*** Opening of Recorded information ***

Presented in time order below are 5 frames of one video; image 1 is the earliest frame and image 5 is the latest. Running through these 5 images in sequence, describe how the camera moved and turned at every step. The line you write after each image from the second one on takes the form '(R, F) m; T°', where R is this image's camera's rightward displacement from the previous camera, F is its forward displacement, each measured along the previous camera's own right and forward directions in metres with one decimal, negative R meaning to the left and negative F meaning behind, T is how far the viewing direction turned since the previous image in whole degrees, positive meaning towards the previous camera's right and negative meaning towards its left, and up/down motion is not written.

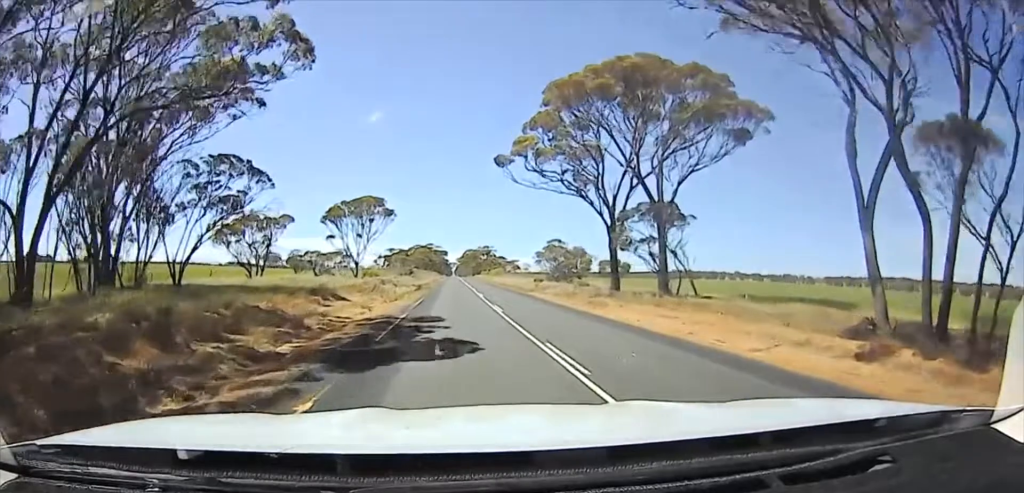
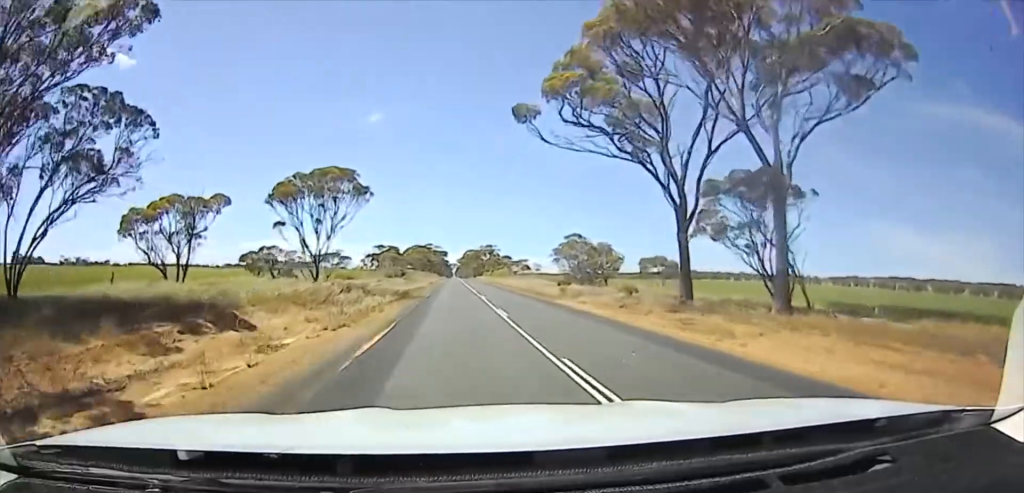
(-0.2, +18.8) m; 0°
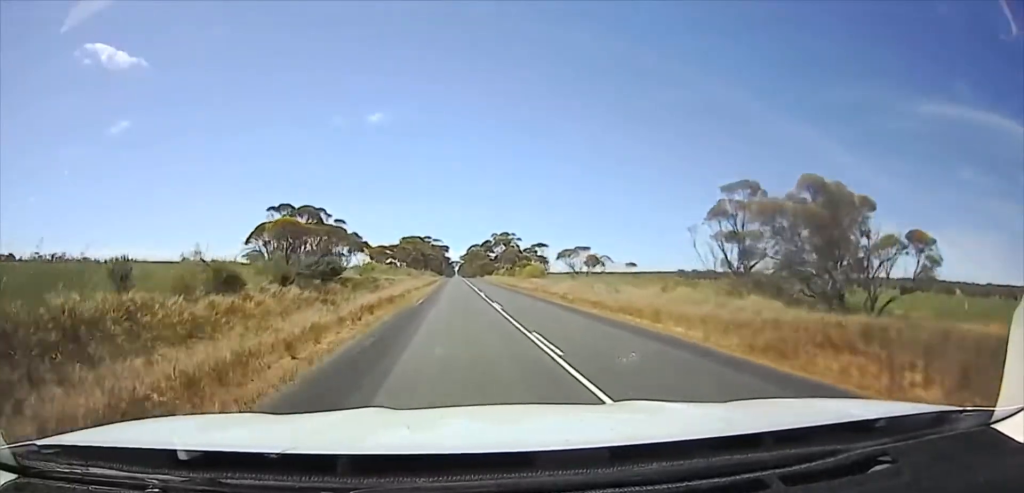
(+0.1, +56.6) m; 0°
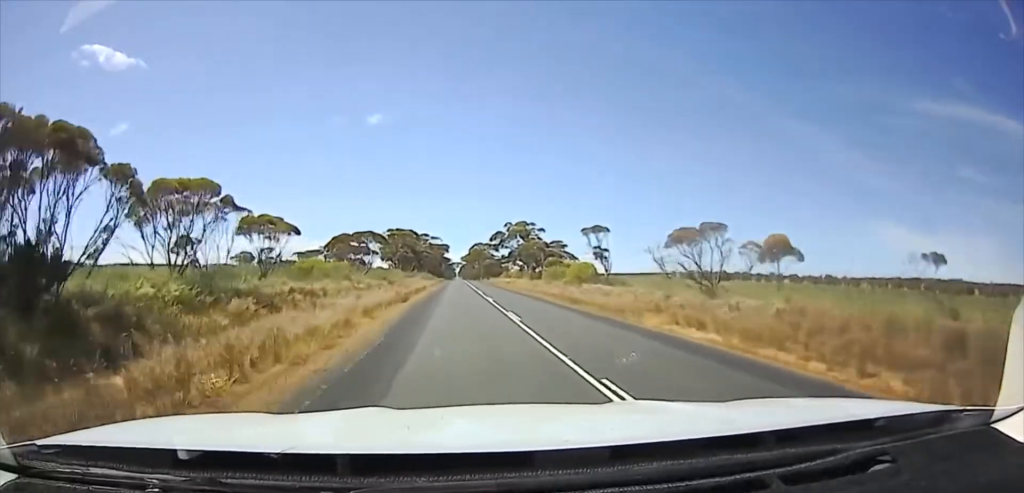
(+0.1, +30.8) m; 0°
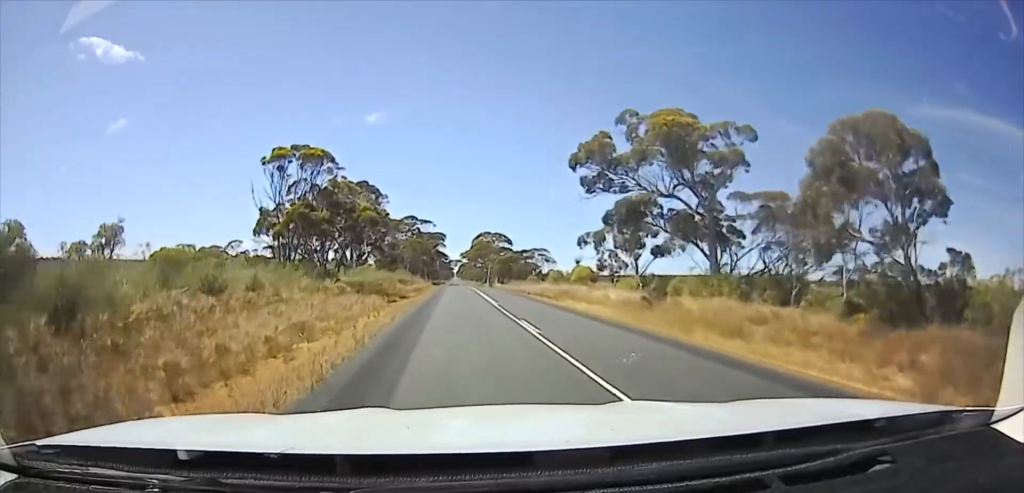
(-0.3, +52.7) m; 0°

*** Close of Recorded information ***

:: Exercise ::
The reply should contain all of the data above, word for word, with no pictures.

:: Output for this exercise ::
Presented in time order below are 5 frames of one video; image 1 is the earliest frame and image 5 is the latest. Running through these 5 images in sequence, describe how the camera moved and turned at every step. The line you write after each image from the second one on takes the form '(R, F) m; T°', where R is this image's camera's rightward displacement from the previous camera, F is its forward displacement, each measured along the previous camera's own right and forward directions in metres with one decimal, negative R meaning to the left and negative F meaning behind, T is how far the viewing direction turned since the previous image in whole degrees, positive meaning towards the previous camera's right and negative meaning towards its left, and up/down motion is not written.

(-0.2, +18.8) m; 0°
(+0.1, +56.6) m; 0°
(+0.1, +30.8) m; 0°
(-0.3, +52.7) m; 0°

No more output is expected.